Selon le président de la Conférence épiscopale, durant cette rencontre, un accord aurait été trouvé avec l’administration présidentielle afin de maintenir le dialogue entre les deux parties. « Vous arrêtez, nous arrêtons », a poursuivi Mgr Socrates Villegas, évoquant une requête exprimée des deux côtés pour « modérer le ton » des critiques.

« Nous craignons que notre silence soit assimilé à une façon d’approuver ces tueries, a défendu pour sa part Mgr Socrates Villegas. En grandissant, nos enfants pourraient en venir à croire que certains sont exemptés de suivre les commandements bibliques (…). Vous ne pouvez pas nous dire de nous taire quand il s’agit de sujets si antichrétiens. Si on met fin à ces tueries et à ce mépris envers toute vie humaine, pour sûr nous modérerons nos déclarations car nous y verrons un signe de bonne volonté. »

Les luttes de pouvoir entre l’Eglise et l’Etat

« Les propos de Mgr Socrates Villegas, président de la Conférence épiscopale philippine, selon lesquels les évêques sont prêts à discuter d’une potentielle collaboration avec l’administration de Rodrigo Duterte constituent un geste bienvenu », a réagi officiellement le porte-parole présidentiel Ernie Abella. « Nous notons bien que les déclarations de l’Eglise catholique ne sont pas “contre le président” mais contre certaines de ses politiques », a poursuivi le porte-parole de la présidence, avant de souligner que « les luttes de pouvoir entre l’Eglise et l’Etat appartenaient à un passé lointain ».

Il y a près de trente ans, le cardinal Jaime Sin de Manille appelait sur les ondes de Radio Veritas à manifester après la réélection contestée de Ferdinand Marcos. Deux millions de personnes étaient descendues dans les rues de la capitale. La révolution dite du « People power » de 1986 aboutissait à l’exil du dictateur.
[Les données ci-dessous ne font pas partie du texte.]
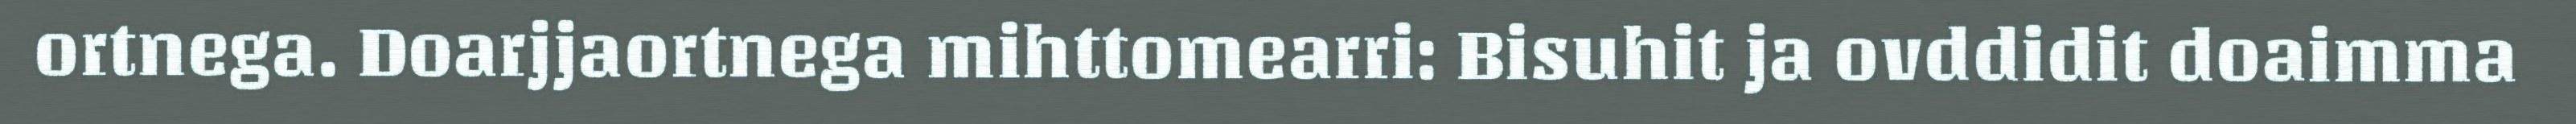
ortnega. Doarjjaortnega mihttomearri: Bisuhit ja ovddidit doaimma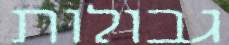
גבולות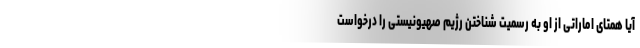
آیا همتای اماراتی از او به رسمیت شناختن رژیم صهیونیستی را درخواست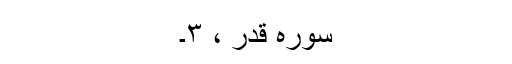
سورہ قدر ، ۳۔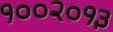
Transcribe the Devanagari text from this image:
१००२०१३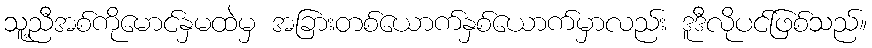
သူ့ညီအစ်ကိုမောင်နှမထဲမှ အခြားတစ်ယောက်နှစ်ယောက်မှာလည်း ဒူဒီလိုပင်ဖြစ်သည်။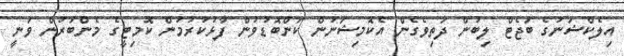
އިލެކްޝަނުގެ ބަޖެޓް ލިބުން ދަތިވެގެން އެކޮމިޝަނުން ކަންބޮޑުވުން ފާޅުކުރުމުން ކޮމިޓީގެ މެންބަރުން ވަނީ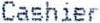
CASHIER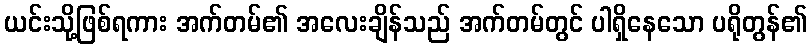
ယင်းသို့ဖြစ်ရကား အက်တမ်၏ အလေးချိန်သည် အက်တမ်တွင် ပါရှိနေသော ပရိုတွန်၏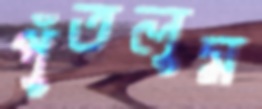
পুঁতলুম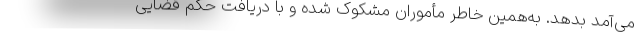
می‌آمد بدهد. به‌همین خاطر مأموران مشکوک شده و با دریافت حکم قضایی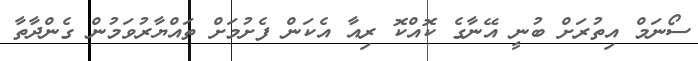
ސޯނަމް އިތުރަށް ބުނީ އޭނާގެ ކޮއްކޮ ރިއާ އެކަން ފެށުމަށް ތައްޔާރުވަމުން ގެންދާތާ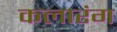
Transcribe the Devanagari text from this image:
कलारंग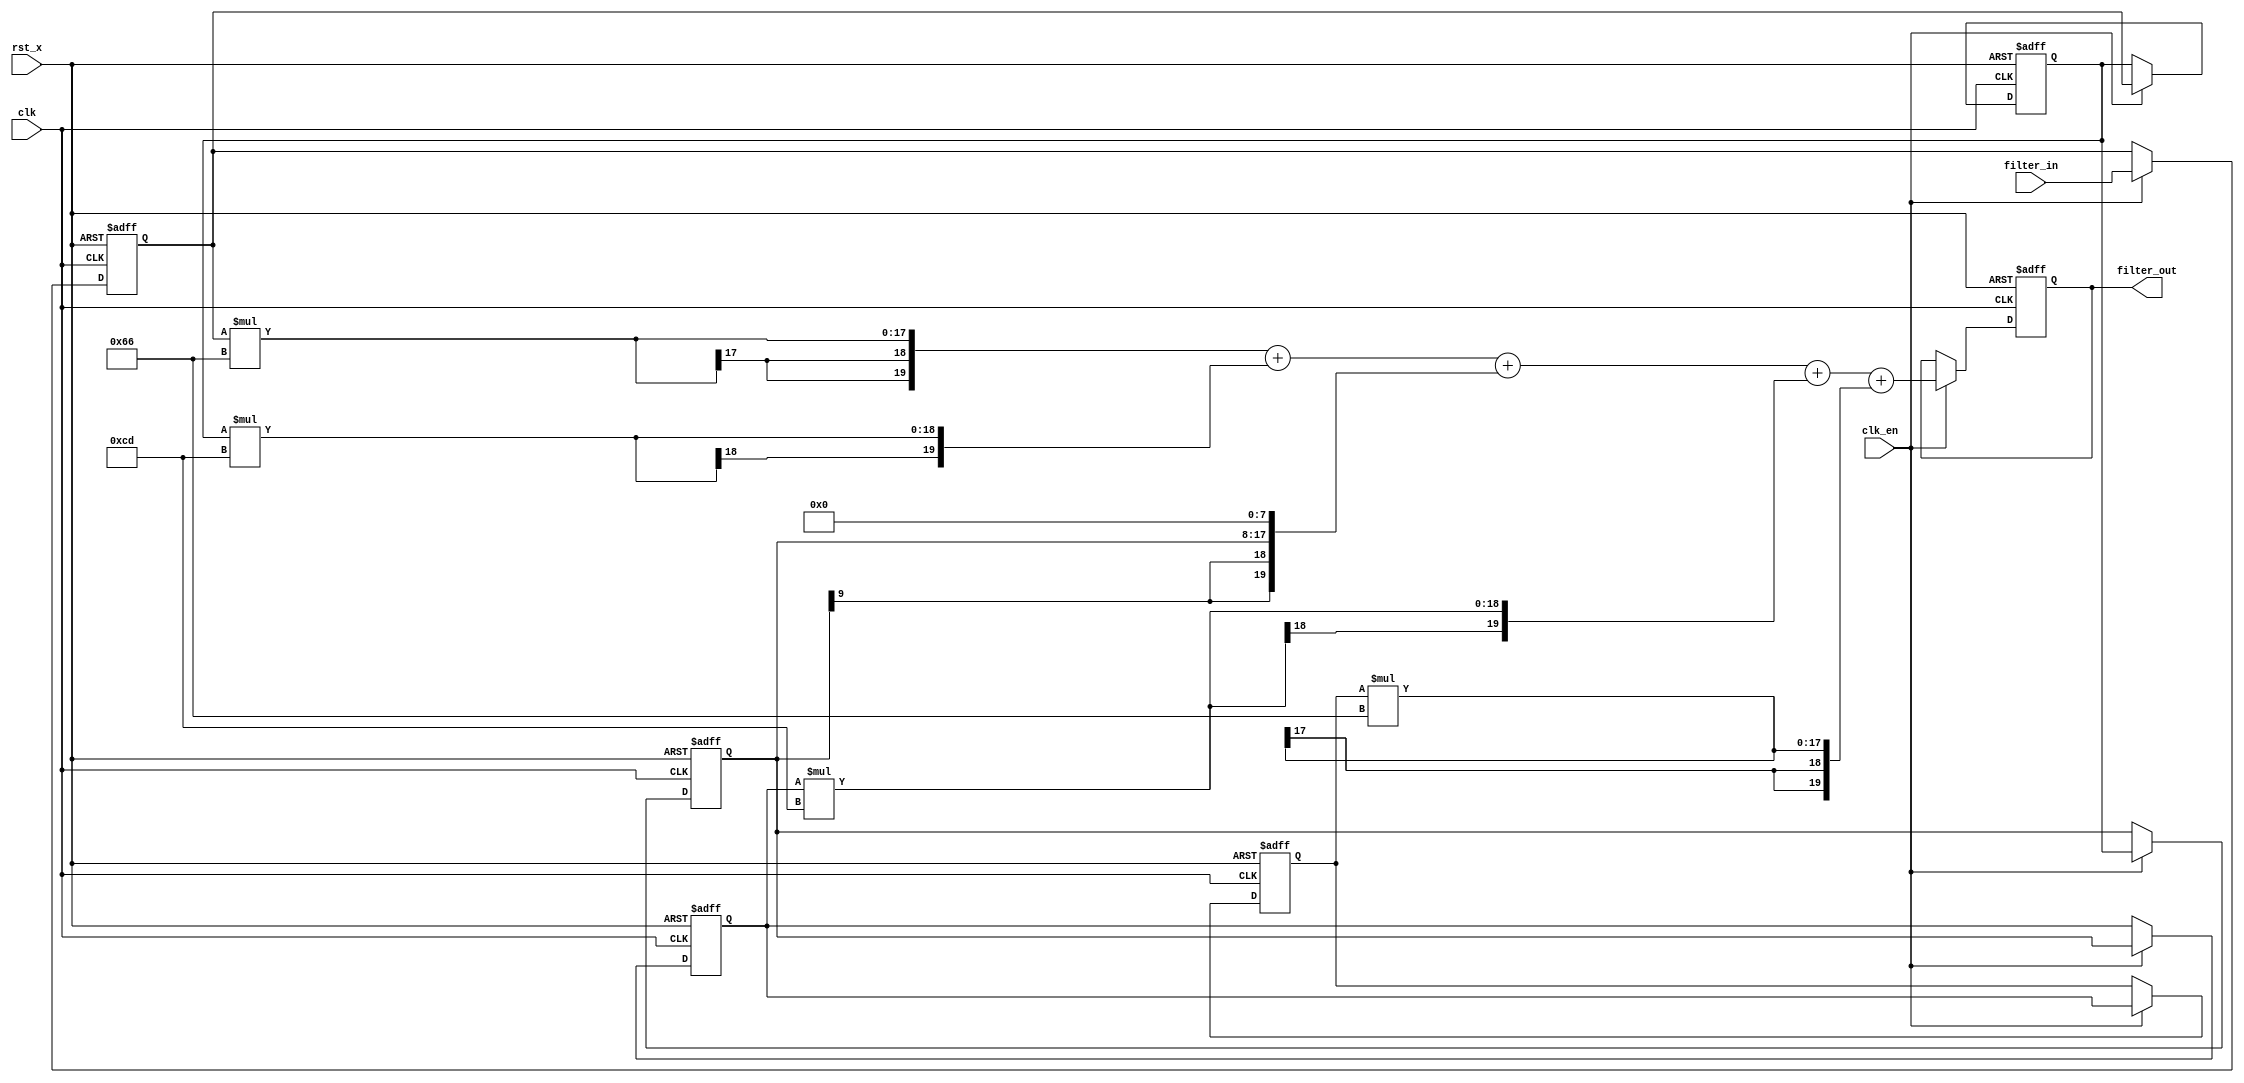

`timescale 1ns/1ps
module FIR_5taps(
input   clk, 
input   clk_en, 
input   rst_x, 
input   signed [9:0] filter_in,  //sfix10_En9
output reg signed [19:0] filter_out );//sfix20_En17
//  Constants
parameter signed [9:0] coeff1 = 10'b0001100110; //sfix10_En8
parameter signed [9:0] coeff2 = 10'b0011001101; //sfix10_En8
parameter signed [9:0] coeff3 = 10'b0100000000; //sfix10_En8
parameter signed [9:0] coeff4 = 10'b0011001101; //sfix10_En8
parameter signed [9:0] coeff5 = 10'b0001100110; //sfix10_En8
// internal Signals
reg  signed [9:0] delay_pipeline [0:4] ; // sfix10_En9
wire signed [19:0] sum; // sfix20_En17

//  
always @( posedge clk or negedge rst_x)
  if(!rst_x) begin
    delay_pipeline[0] <= 0;
    delay_pipeline[1] <= 0;
    delay_pipeline[2] <= 0;
    delay_pipeline[3] <= 0;
    delay_pipeline[4] <= 0;
  end
  else if (clk_en == 1'b1) begin
      delay_pipeline[0] <= filter_in;
      delay_pipeline[1] <= delay_pipeline[0];
      delay_pipeline[2] <= delay_pipeline[1];
      delay_pipeline[3] <= delay_pipeline[2];
      delay_pipeline[4] <= delay_pipeline[3];
  end
// 54,21
wire [19:0] product5 = delay_pipeline[4] * coeff5;
// 43,21
wire [19:0] product4 = delay_pipeline[3] * coeff4;
// 3,2
wire [19:0] product3 = $signed({delay_pipeline[2][9:0], 8'b00000000});
// 21,21
wire [19:0] product2 = delay_pipeline[1] * coeff2;
// 10,21
wire [19:0] product1 = delay_pipeline[0] * coeff1;
// ,
assign sum=product1+product2+product3+product4+product5;
// 
always @ (posedge clk or negedge rst_x)
    if(!rst_x)
      filter_out <= 0;
    else if (clk_en == 1'b1)
      filter_out <= sum[19:0];
endmodule  // FIR_5taps
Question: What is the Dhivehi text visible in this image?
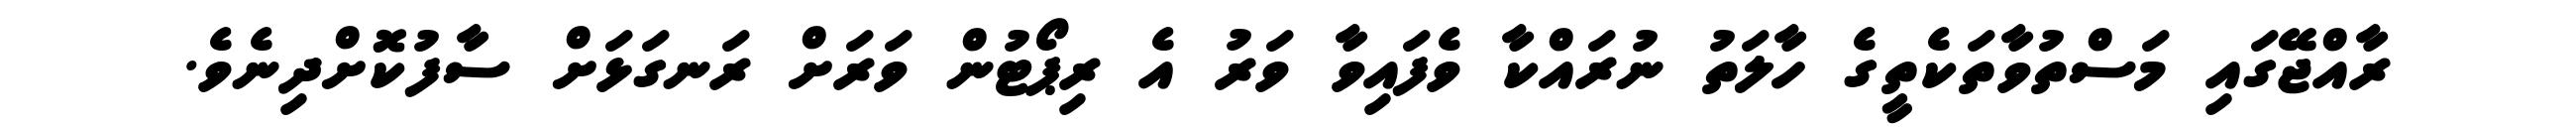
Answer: ރާއްޖޭގައި މަސްތުވާތަކެތީގެ ހާލަތު ނުރައްކާ ވެފައިވާ ވަރު އެ ރިޕޯޓުން ވަރަށް ރަނގަޅަށް ސާފުކޮށްދިނެވެ.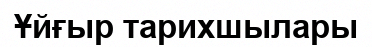
Ұйғыр тарихшылары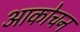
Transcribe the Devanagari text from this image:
आकोचन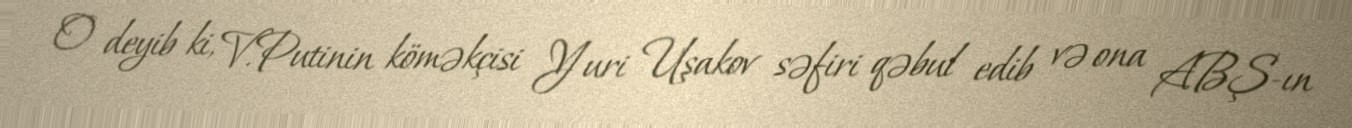
O deyib ki, V.Putinin köməkçisi Yuri Uşakov səfiri qəbul edib və ona ABŞ-ın
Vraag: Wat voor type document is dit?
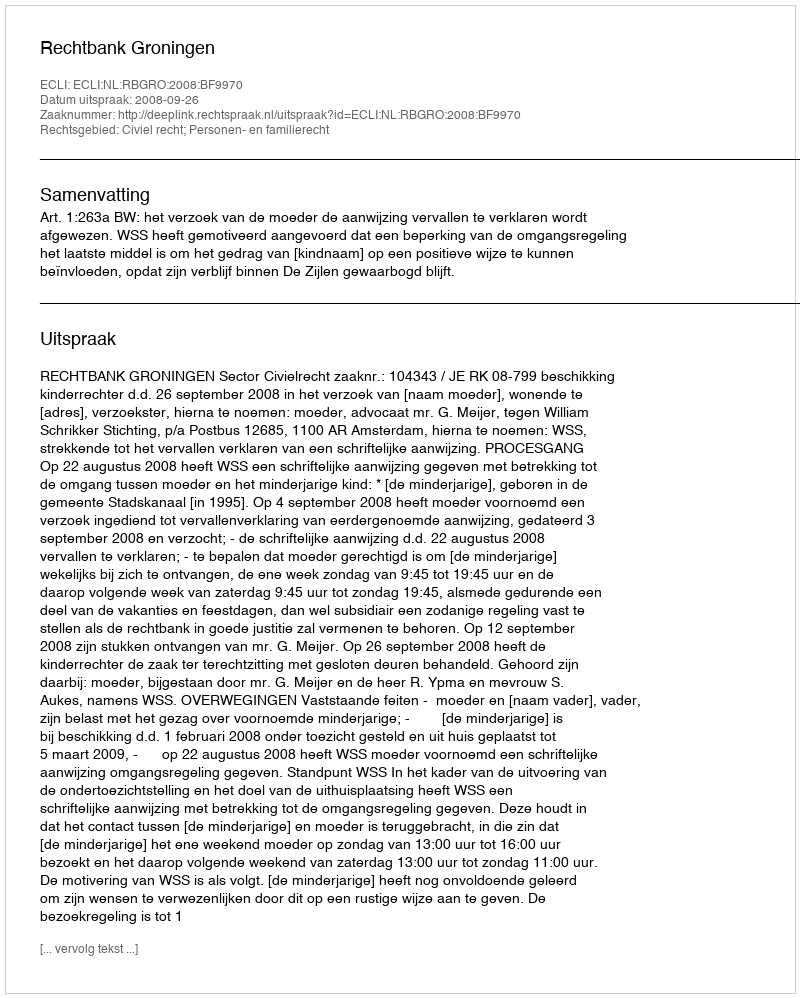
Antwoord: Uitspraak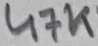
Text: 47K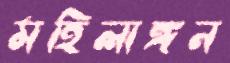
মহিলাঙ্গন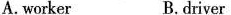
A.worker B.Driver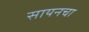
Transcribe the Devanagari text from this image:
सायनचा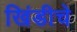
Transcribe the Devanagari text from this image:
खिंडीचे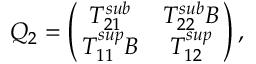
Q _ { 2 } = \left( \! \! \begin{array} { c c } { T _ { 2 1 } ^ { s u b } } & { T _ { 2 2 } ^ { s u b } B } \\ { T _ { 1 1 } ^ { s u p } B } & { T _ { 1 2 } ^ { s u p } } \end{array} \! \! \right) ,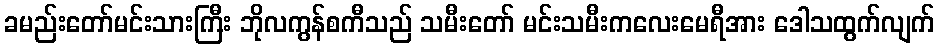
ခမည်းတော်မင်းသားကြီး ဘိုလကွန်စကီသည် သမီးတော် မင်းသမီးကလေးမေရီအား ဒေါသထွက်လျက်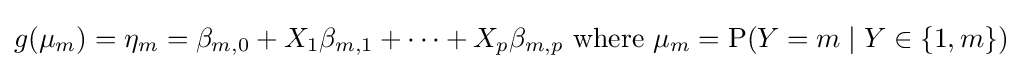
g(\mu _{m})=\eta _{m}=\beta _{m,0}+X_{1}\beta _{m,1}+\cdots +X_{p}\beta _{m,p}{\text{ where }}\mu _{m}=\mathrm {P} (Y=m\mid Y\in \{1,m\})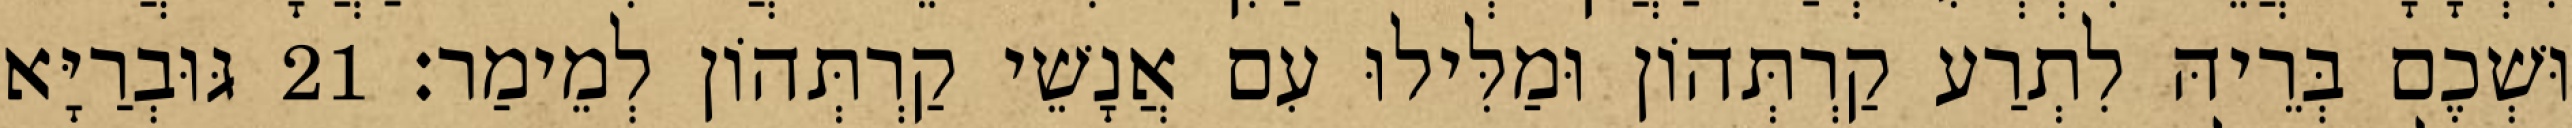
וּשְׁכֶם בְּרֵיהּ לִתְרַע קַרְתְּהוֹן וּמַלִּילוּ עִם אֲנָשֵׁי קַרְתְּהוֹן לְמֵימַר׃ 21 גּוּבְרַיָּא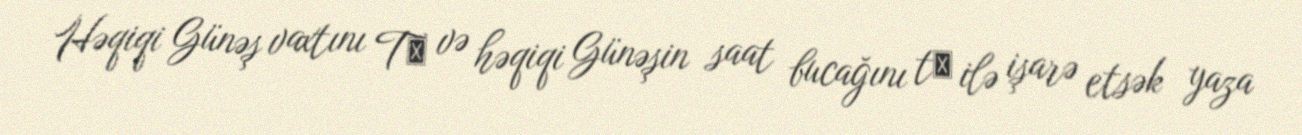
Həqiqi Günəş vaxtını Tʘ və həqiqi Günəşin saat bucağını tʘ ilə işarə etsək yaza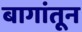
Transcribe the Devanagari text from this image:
बागांतून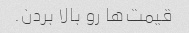
قیمت‌ها رو بالا بردن.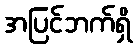
အပြင်ဘက်ရှိ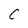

En mai 2016, Rodrigo Duterte a été élu avec une confortable avance, avec plus de 16 millions de votes dans l’archipel aux 100 millions d’habitants, pour un mandat de six ans, sans possibilité de se représenter. Selon les derniers sondages, sa popularité auprès des Philippins demeure élevée, même si elle accuse un léger déclin depuis le début de cette année.